[Recorded data]
************
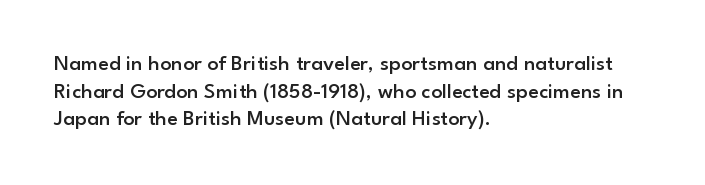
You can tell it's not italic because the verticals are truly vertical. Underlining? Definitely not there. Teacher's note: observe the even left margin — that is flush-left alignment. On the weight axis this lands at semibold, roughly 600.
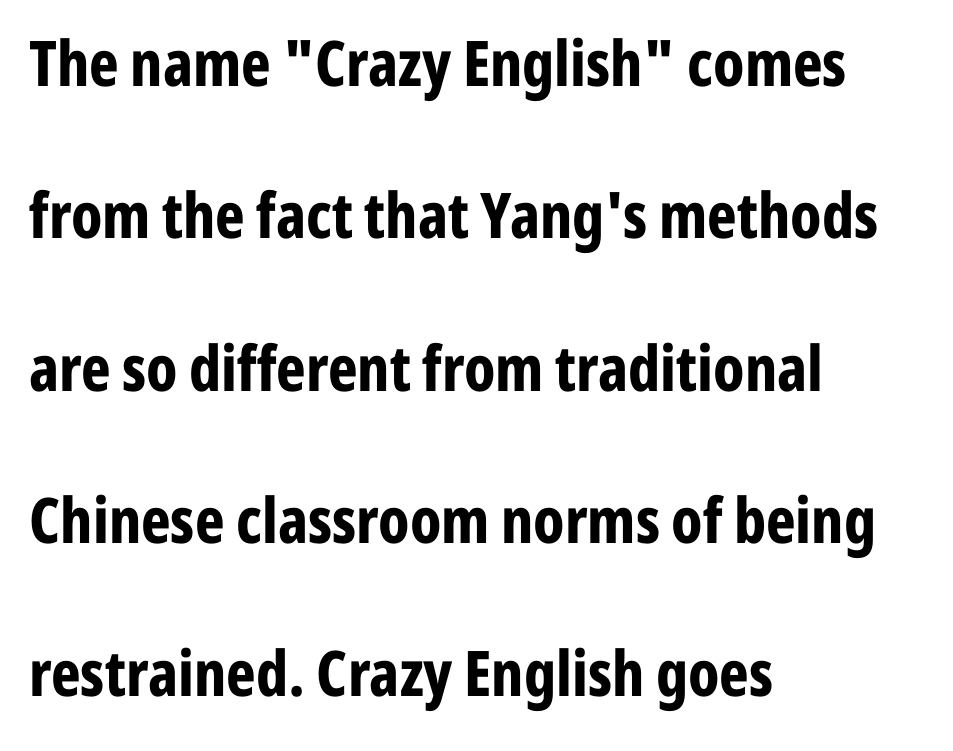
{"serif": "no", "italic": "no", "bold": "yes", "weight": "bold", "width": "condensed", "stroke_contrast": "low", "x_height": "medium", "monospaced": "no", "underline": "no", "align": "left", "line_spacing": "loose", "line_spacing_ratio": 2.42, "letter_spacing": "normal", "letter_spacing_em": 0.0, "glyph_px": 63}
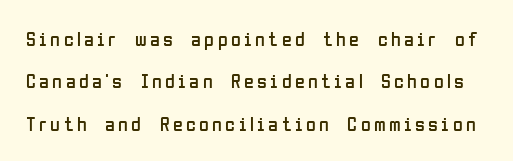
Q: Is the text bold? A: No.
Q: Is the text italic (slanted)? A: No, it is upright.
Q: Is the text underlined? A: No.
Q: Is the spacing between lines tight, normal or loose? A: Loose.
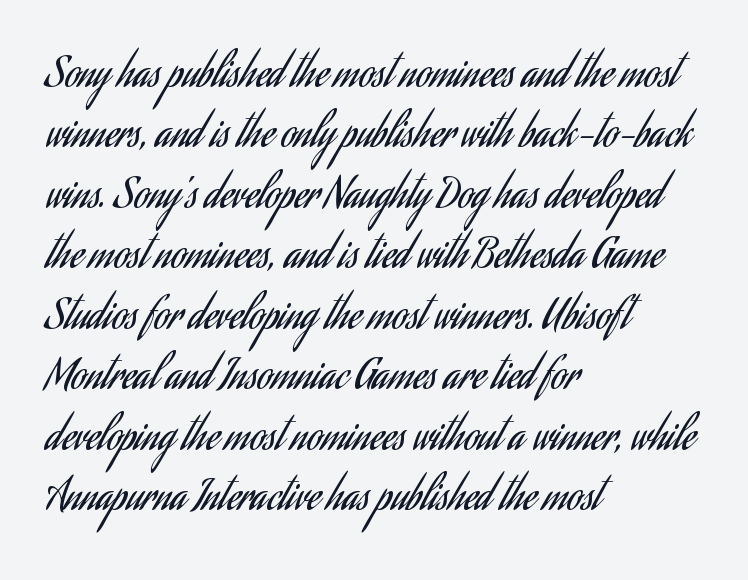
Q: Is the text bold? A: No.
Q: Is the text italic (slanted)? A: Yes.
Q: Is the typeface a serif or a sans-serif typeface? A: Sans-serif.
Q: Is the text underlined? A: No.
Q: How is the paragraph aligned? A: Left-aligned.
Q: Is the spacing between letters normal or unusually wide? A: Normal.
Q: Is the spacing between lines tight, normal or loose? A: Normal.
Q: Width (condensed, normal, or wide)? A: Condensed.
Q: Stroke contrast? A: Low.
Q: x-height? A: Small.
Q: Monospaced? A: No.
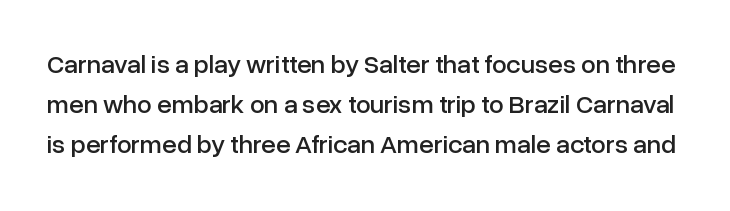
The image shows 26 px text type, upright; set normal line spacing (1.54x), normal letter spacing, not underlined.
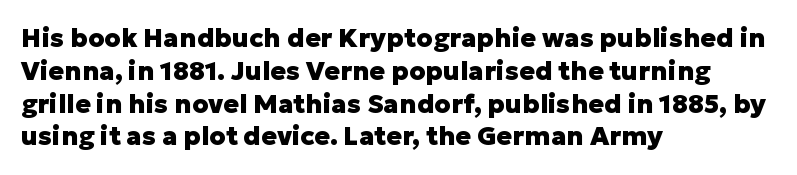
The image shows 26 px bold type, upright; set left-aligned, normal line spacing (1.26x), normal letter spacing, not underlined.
************
What you should do:
The range to copy runs from the line with "loose? A: Normal." to the last line of the entries, both included; copy it exactly and leave out the pictures.

Answer for the task:
Q: Is the spacing between lines tight, normal or loose? A: Normal.
Q: Width (condensed, normal, or wide)? A: Condensed.
Q: Stroke contrast? A: Low.
Q: x-height? A: Small.
Q: Monospaced? A: No.
The image shows 26 px text type, upright; set normal line spacing (1.54x), normal letter spacing, not underlined.
The image shows 26 px bold type, upright; set left-aligned, normal line spacing (1.26x), normal letter spacing, not underlined.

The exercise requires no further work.